Harkin and once again we have gathered round the microphones with our four favorite facts
from the last seven days and in no particular order, here we go, starting with you, Chazinski.
My fact is that the world record for the longest time spent holding one's breath is exactly
the same length as this podcast episode.
How on earth could we possibly know how long this episode's going to be?
My magic powers and knowledge that you're a good editor have told me.
So tell me how long do I have to edit to?
So you have to edit to 24 minutes and three seconds if that's okay and this is a record
that was set by Alex Segura in 2016 and he's a champion in the sport of static apnea.
I can't believe it's a sport.
It's a sport.
It's amazing.
It's a sport.
It's the sport of lying face down in a swimming pool and holding your breath while remaining
still.
That can get unbarred with for the Olympics.

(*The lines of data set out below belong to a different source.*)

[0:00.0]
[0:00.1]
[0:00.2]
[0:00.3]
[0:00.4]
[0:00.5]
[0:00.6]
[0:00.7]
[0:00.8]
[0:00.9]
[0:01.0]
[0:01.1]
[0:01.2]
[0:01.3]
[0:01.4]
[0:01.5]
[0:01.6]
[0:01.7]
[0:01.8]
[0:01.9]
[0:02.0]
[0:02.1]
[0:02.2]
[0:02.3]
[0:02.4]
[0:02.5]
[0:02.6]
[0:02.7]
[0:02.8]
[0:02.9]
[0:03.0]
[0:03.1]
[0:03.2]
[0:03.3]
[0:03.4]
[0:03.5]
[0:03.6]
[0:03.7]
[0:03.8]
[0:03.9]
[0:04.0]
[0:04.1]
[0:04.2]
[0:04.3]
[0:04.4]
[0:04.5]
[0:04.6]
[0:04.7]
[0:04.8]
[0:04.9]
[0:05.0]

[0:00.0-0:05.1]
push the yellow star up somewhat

We should say that this record that he broke is looked down upon by some static apneists
including himself actually because this one involved him inhaling pure oxygen.

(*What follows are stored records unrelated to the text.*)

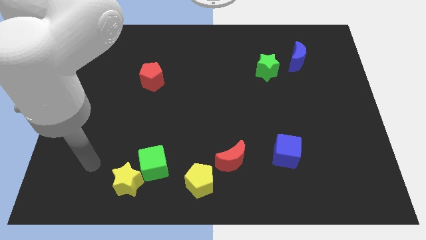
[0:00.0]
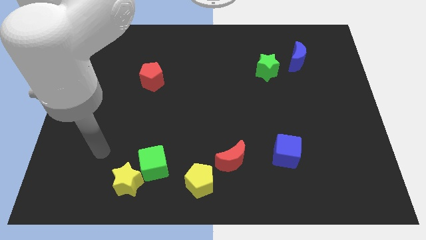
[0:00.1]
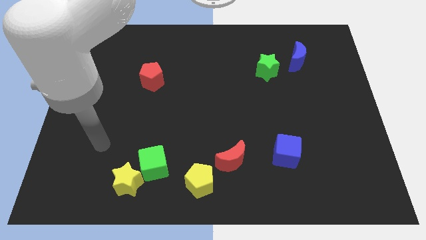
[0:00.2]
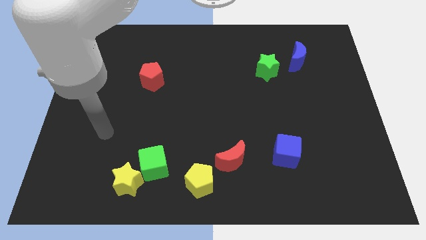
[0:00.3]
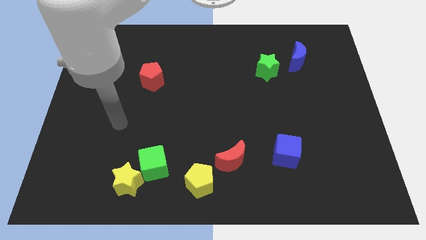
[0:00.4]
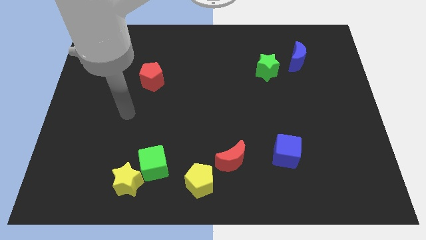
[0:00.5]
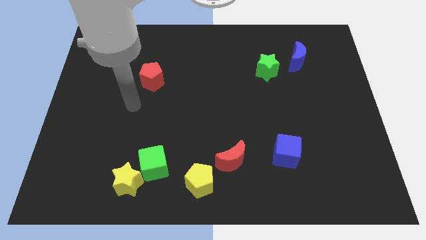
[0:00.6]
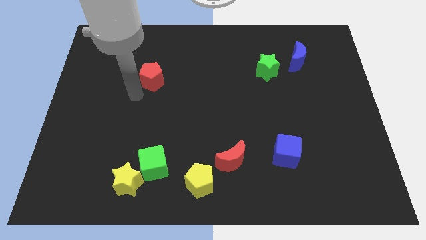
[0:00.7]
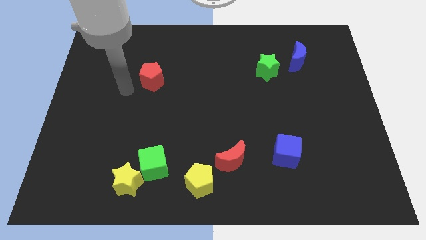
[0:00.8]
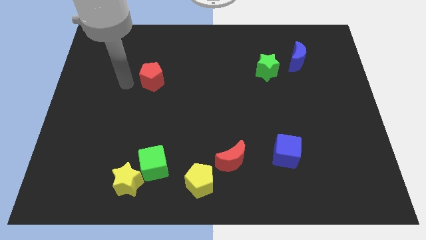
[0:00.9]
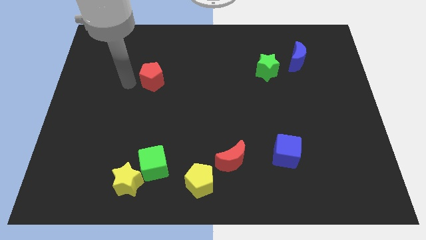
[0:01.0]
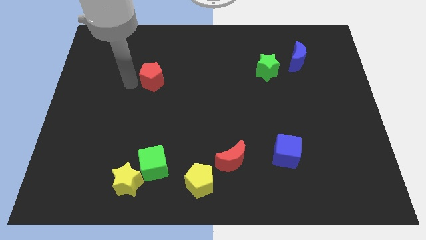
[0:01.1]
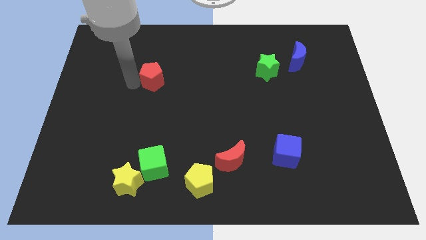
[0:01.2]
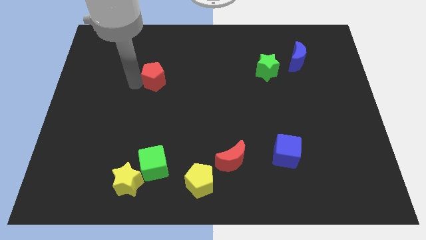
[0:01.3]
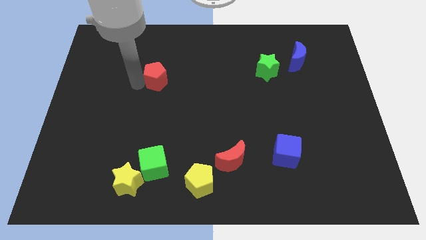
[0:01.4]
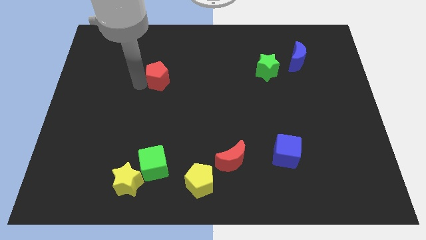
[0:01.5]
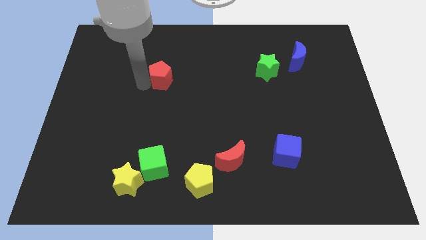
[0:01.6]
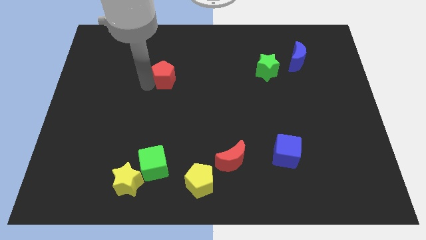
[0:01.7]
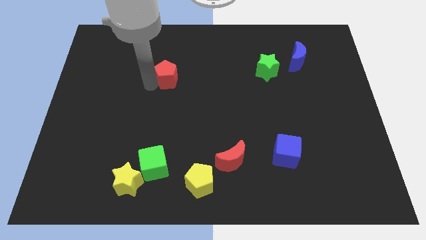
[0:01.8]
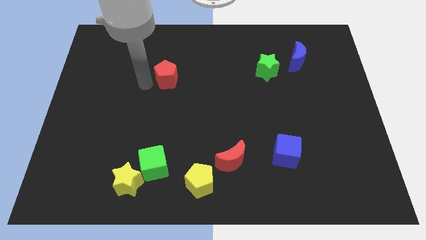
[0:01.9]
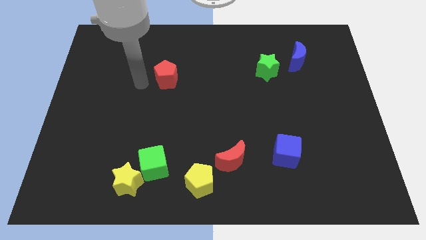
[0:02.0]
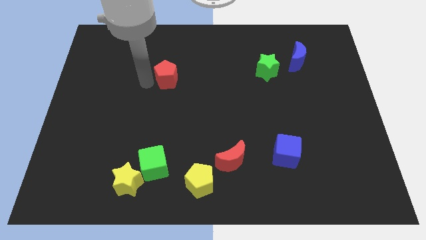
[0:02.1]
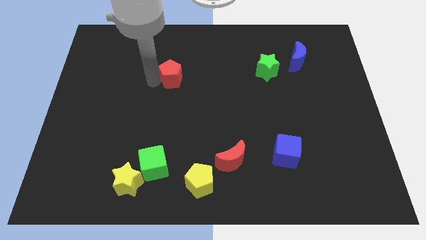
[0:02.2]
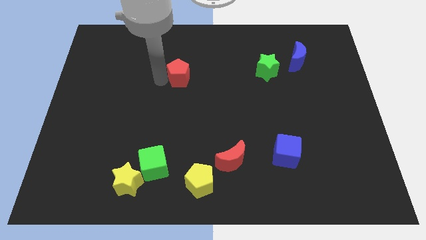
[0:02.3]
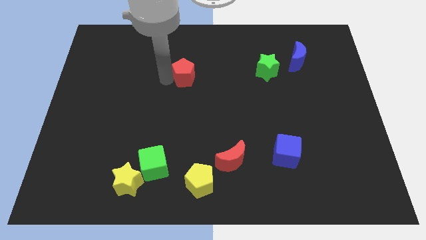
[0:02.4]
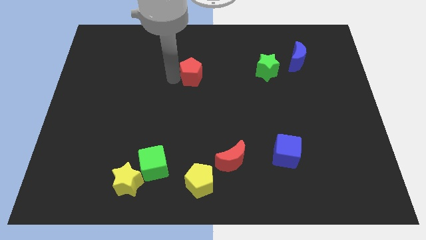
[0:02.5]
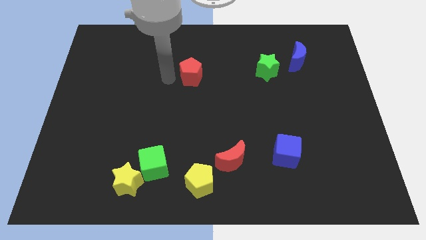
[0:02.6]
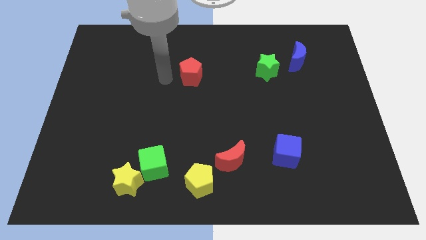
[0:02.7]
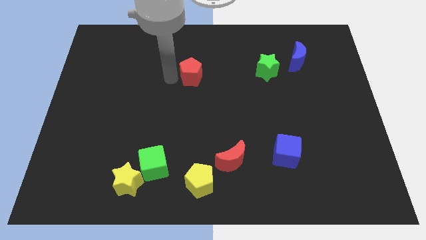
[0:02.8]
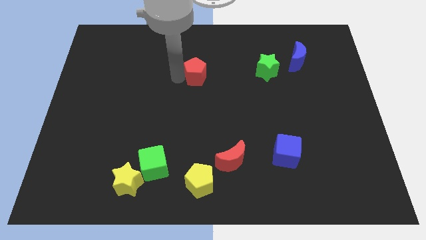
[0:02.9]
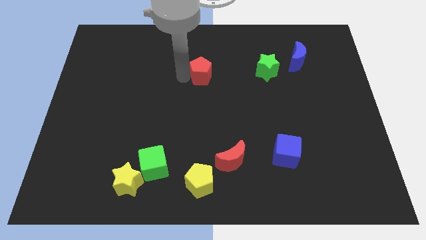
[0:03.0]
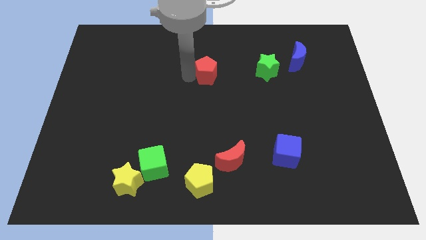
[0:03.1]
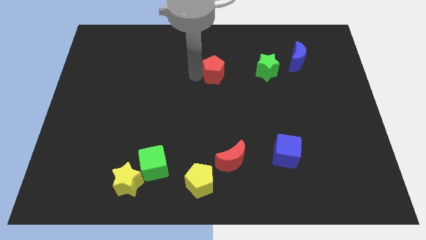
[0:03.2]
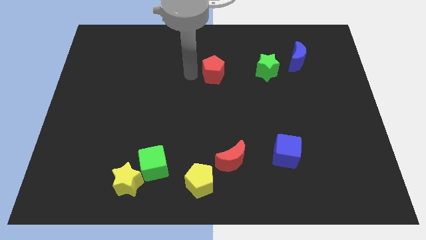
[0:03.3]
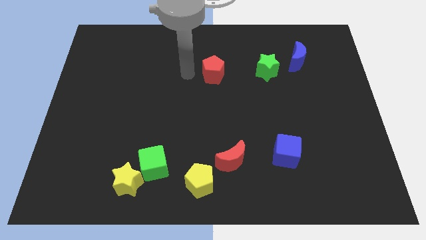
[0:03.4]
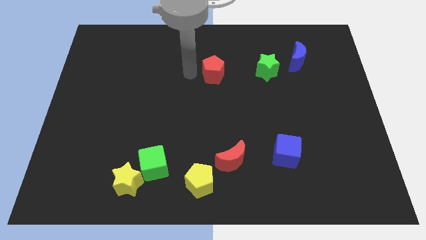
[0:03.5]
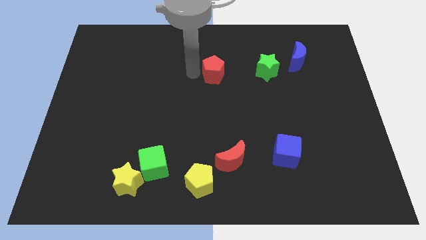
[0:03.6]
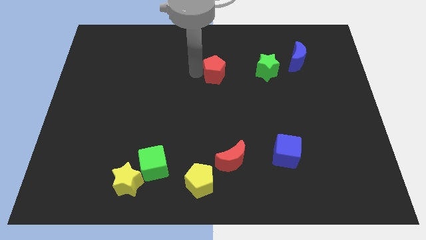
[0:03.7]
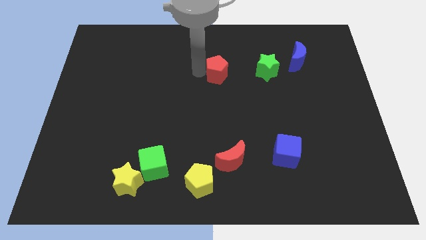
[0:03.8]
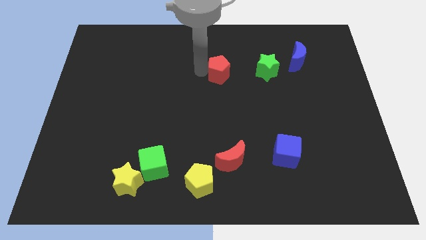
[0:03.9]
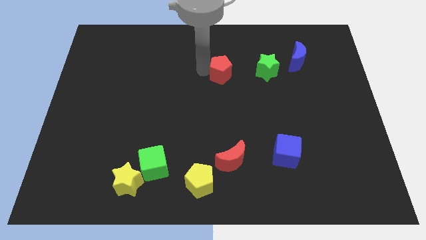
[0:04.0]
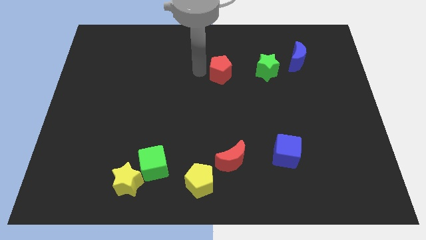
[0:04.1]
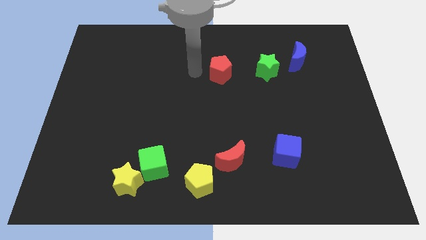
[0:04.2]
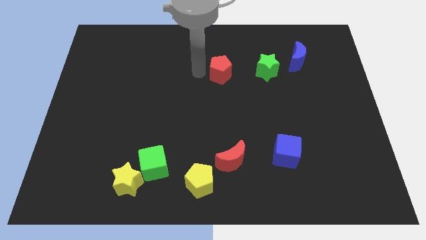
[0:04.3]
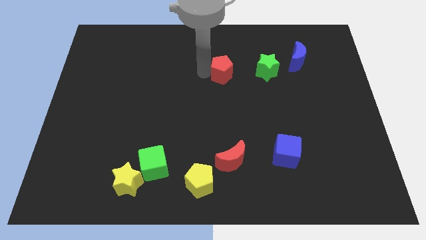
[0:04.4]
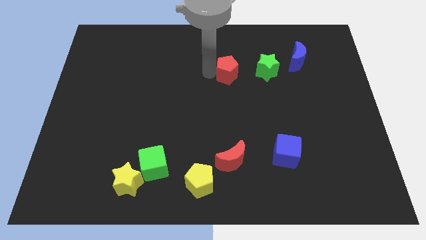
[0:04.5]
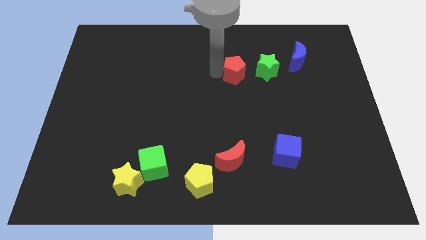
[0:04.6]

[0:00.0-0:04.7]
move the red pentagon to the right

That means you can hold your breath for much, much longer.
So that doubles the volume of oxygen that you can store in your lungs.
So you breathe oxygen for something like 30 minutes before you go for the record attempt.
So 24 minutes.
That's the length of a sitcom episode if you were watching an American sitcom without
adverts.
Is it though?
Yeah.
Well, not the new Netflix style sitcoms, but if you go classic Seinfeld a Friends episode.
Specifically Seinfeld.
Seinfeld's getting shorter.
What?
So the TBS have been caught broadcasting episodes of Seinfeld in fast forward 9% faster than
the original recording.
So does he sound like a chipmunk?
No, weirdly he doesn't because you can get away with maybe up to about 15% without really
noticing it.
If you put them side by side, obviously, like you noticed, but who does that?
Was Alvin and the chipmunks originally like four hours long each counting?
It was a sort of cinema noir.
That is amazing.
So you lose what?
Six minutes an hour?
Yeah, exactly.
So you get an extra minute or so of adverts for each episode.
On sitcoms, do you know that the world's first sitcom, no episode, survive of it?
This is just a kind of, I've only mentioned this because it's the kind of thing that
makes Alex really angry, but it was on the BBC and it was broadcast from 1946 to 47.
It was called Pin Right's Progress.
And I was just really excited to see it because it stars someone called James Hater, who played
Fry Tuck in a Robin Hood film that I swear no one else on Earth has ever seen except
me.
And I recognized him.
Oh, I thought it was because you're a James Hater.
And that's subconsciously, I think, was the reason that I pursued this fact further.
There was a footballer called James Hater and my brother used to always like him because
my brother's also a James Hater.
We've got a big club, but yeah, they've lost all the episodes.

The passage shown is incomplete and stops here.